It is worth adding a bit to Dummett's statement of the problem, given that you seem to be having trouble making this most basic connection. The iconographic quest asks why that particular selection of subjects was made, and whether there is any symbolic meaning to the order in which they were placed, partly because such a meaningful sequence would be a memory aid for new players as well as a pleasure for everyone. Meaningful content and design are inherently more memorable than, "let's throw in some celestial objects", with no particular reason. Just as groupings into different types of subject matter are too fundamental and obvious to merit much comment from iconographers, I have tended to think that the mnemonic function of a meaningful iconographic programme was too obvious a point to be labored. These are two sides of the same coin, coherent design, and apparently that needs to be spelled out.

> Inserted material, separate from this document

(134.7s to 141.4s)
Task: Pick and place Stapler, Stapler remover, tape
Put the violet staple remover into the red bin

A priori, there is no way to know if any surviving deck, or even the unknown Ur deck, actually had a detailed explanation, an iconographic programme with perfect analytical structure. Also, focusing on a derivative deck like those with Justice promoted to serve as Judgment, is by definition addressing Tarot's early reception and revisioning. In terms of methodology, the general order of business might be 1) learn what you can about the generic/synoptic design of the trump cycle, based on all early decks/orderings; 2) learn what you can about the deck which appears display the best, most intelligible programme; 3) explain it as best one can; and 4) explain the other decks as derivatives. At each step, the iterative method of the Hermeneutic Circle applies: parts defining the whole and the whole constraining the parts. When we are debating something as basic as the existence of three sections, or their boundaries, we are at the beginning of step one. Still, most Tarot enthusiasts never get even that far.

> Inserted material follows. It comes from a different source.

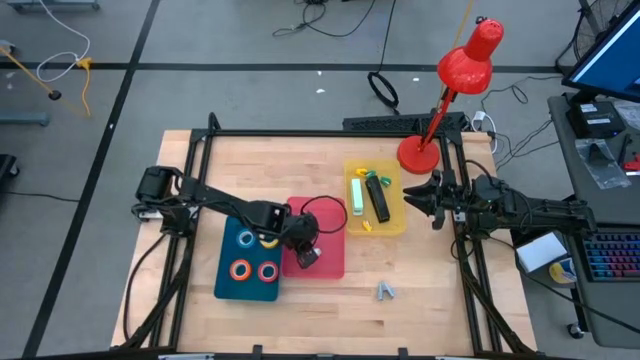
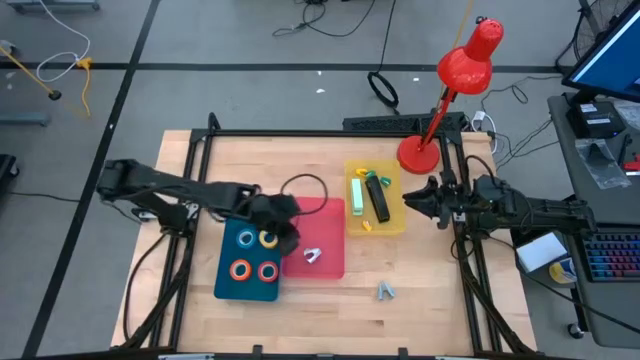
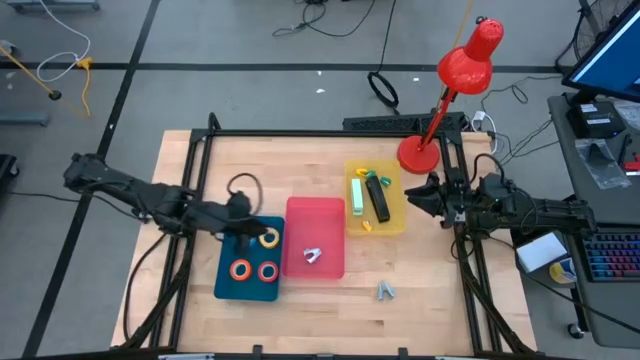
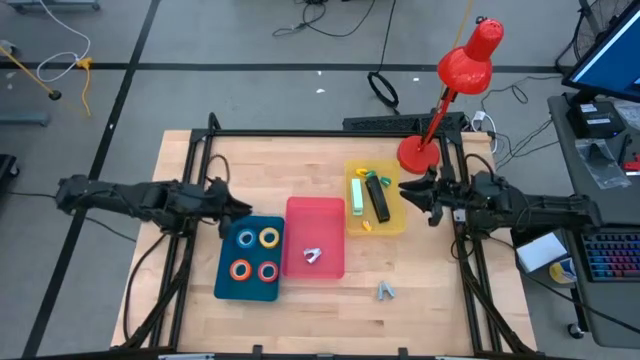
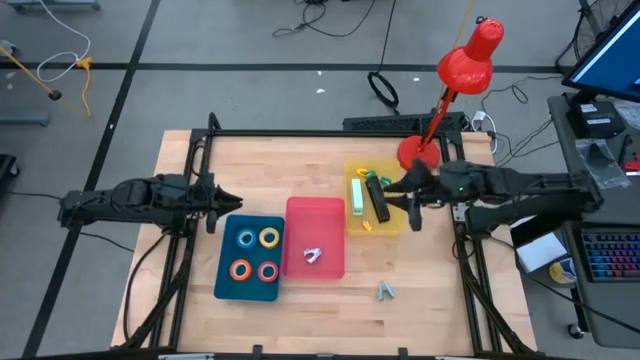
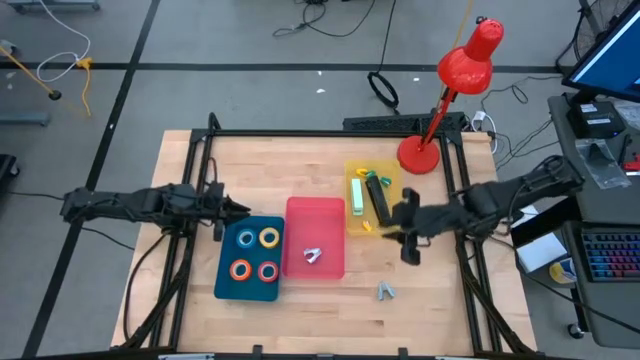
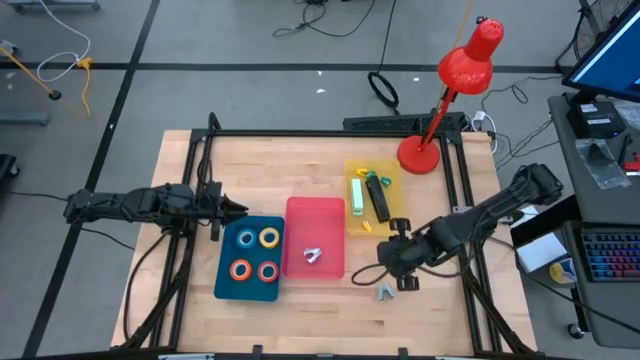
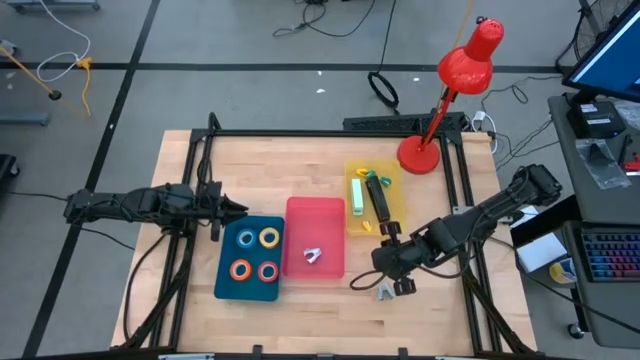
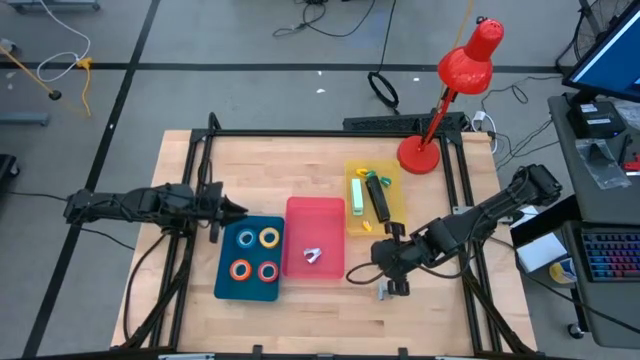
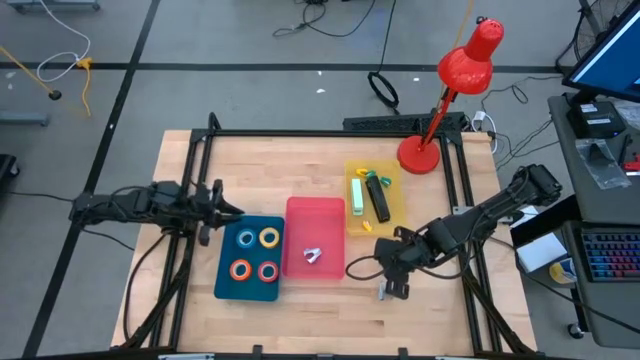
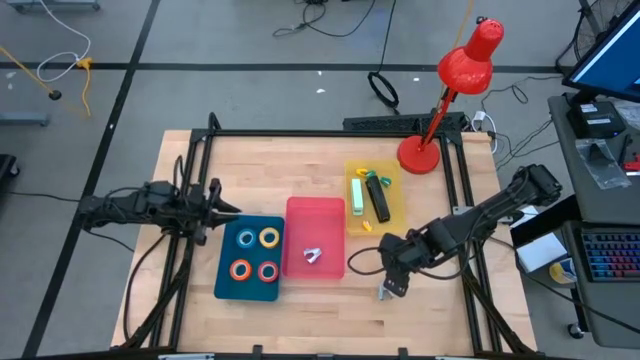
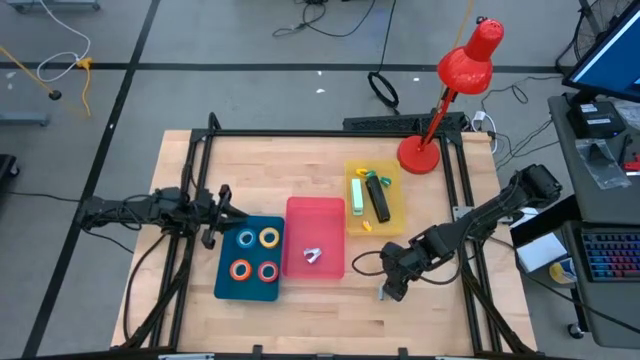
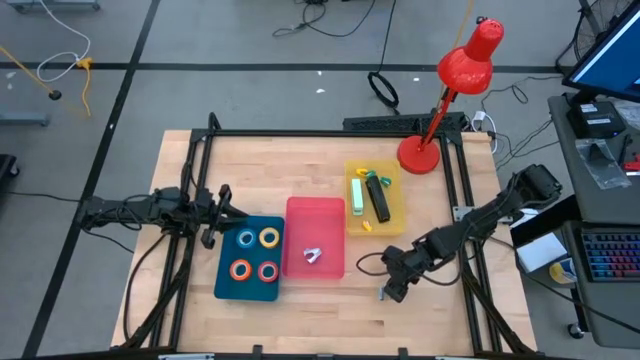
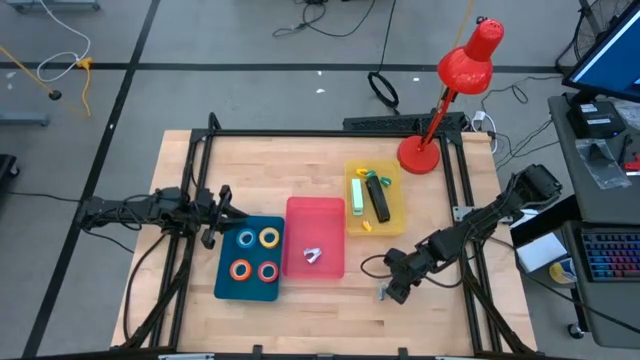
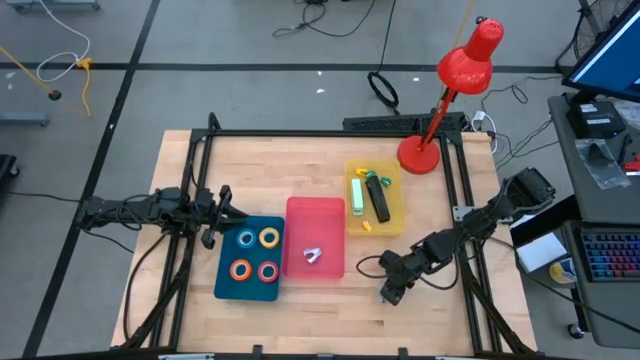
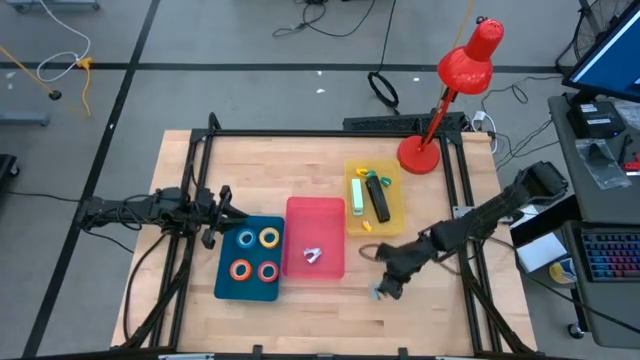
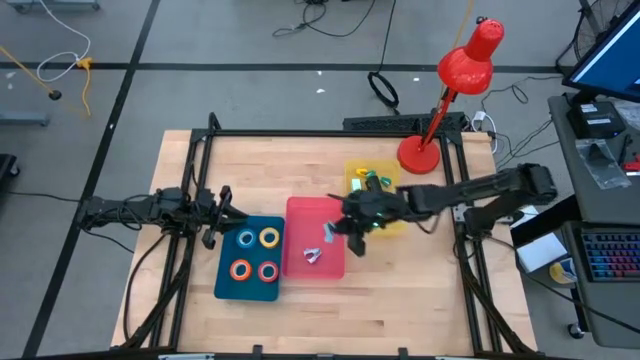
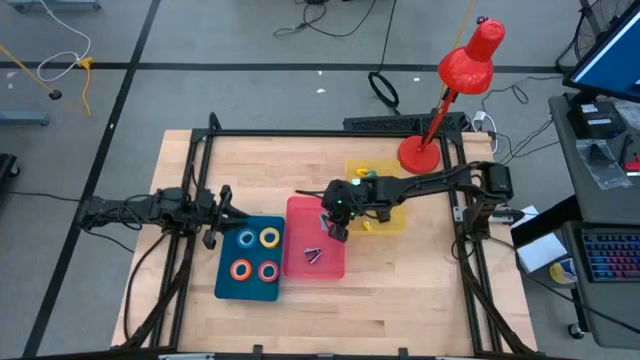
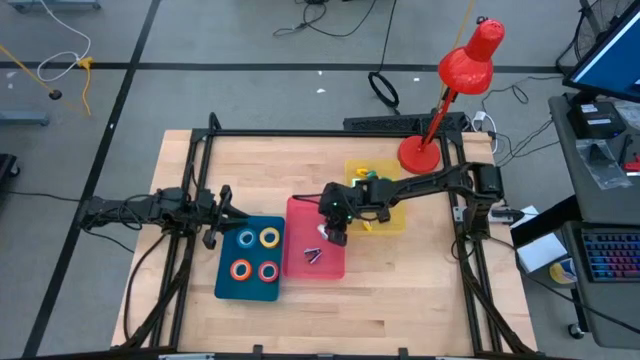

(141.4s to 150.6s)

THE DEVIL: PLACEMENT AND MEANING
Returning to the Devil, there are several ways in which a devil could be located in the lowest part of a Three Worlds hierarchy. For example, Satan could appear with Adam in the Garden, or as Sin tempting Everyman. Either of these scenes could then be followed by the main allegorical section, then by a transcendent section. As noted, Holbein's Dance of Death is an example. The lowest section is about the Fall. The main allegory is built around individual scenes with an elaborate Ranks of Man, each paired with Death. The final scene shows Christ in the Last Judgment over the World.
A devil could also appear in the middle section, most obviously as an allegory of Sin or Temptation. Satan could also, quite appropriately, appear as the highest card of this section -- as princeps huius mundi. He is the prince of this world, so why not show him triumphing over it? For example, when John is closing his comments (John, 14:30), he says: "I will not now speak many things with you. For the prince of this world cometh, and in me he hath not any thing." The Devil is even the God of this age, deus huius saeculi. "In whom the god of this world hath blinded the minds of them which believe not, lest the light of the gospel of the glory of Christ, who is the image of God." (2 Cor 4:4.)
Paul references the light/darkness trope in his giving thanks: "Giving thanks to God the Father, who hath made us worthy to be partakers of the lot of the saints in light: Who hath delivered us from the power of darkness (de potestate tenebrarum), and hath translated us into the kingdom of the Son of his love, in whom we have redemption through his blood, the remission of sins." (Col-1 12-14.) If we are less concerned with the Three Worlds division, then the Devil can be ambiguous, as can Death, and different arguments can be made using the same quotations.
Of course, he can also appear in the highest realm, as I have argued. Huck stated this clearly: "what about a light state like 'no light'". Darkness is one end of the hierarchy of light. As Lucifer, (shining one, bringer of light), the Morning Star who is also the Prince of Darkness, this subject may be properly grouped with the other light cards. (Wikipedia factoid: Prince of Darkness "is an English translation of the Latin phrase princeps tenebrarum, which occurs in the Acts of Pilate, written in the fourth century, in the 11th-century hymn Rhythmus de die mortis by Pietro Damiani, and in a sermon by Bernard of Clairvaux from the 12th century.") The defining characteristic of the hierarchy of light is that it triumphs over darkness. "Now is the judgment of the world: now shall the prince of this world be cast out." (John 12:31.) That darkness can either be the highest trump of the middle section, or it can be the lowest trump of the highest section.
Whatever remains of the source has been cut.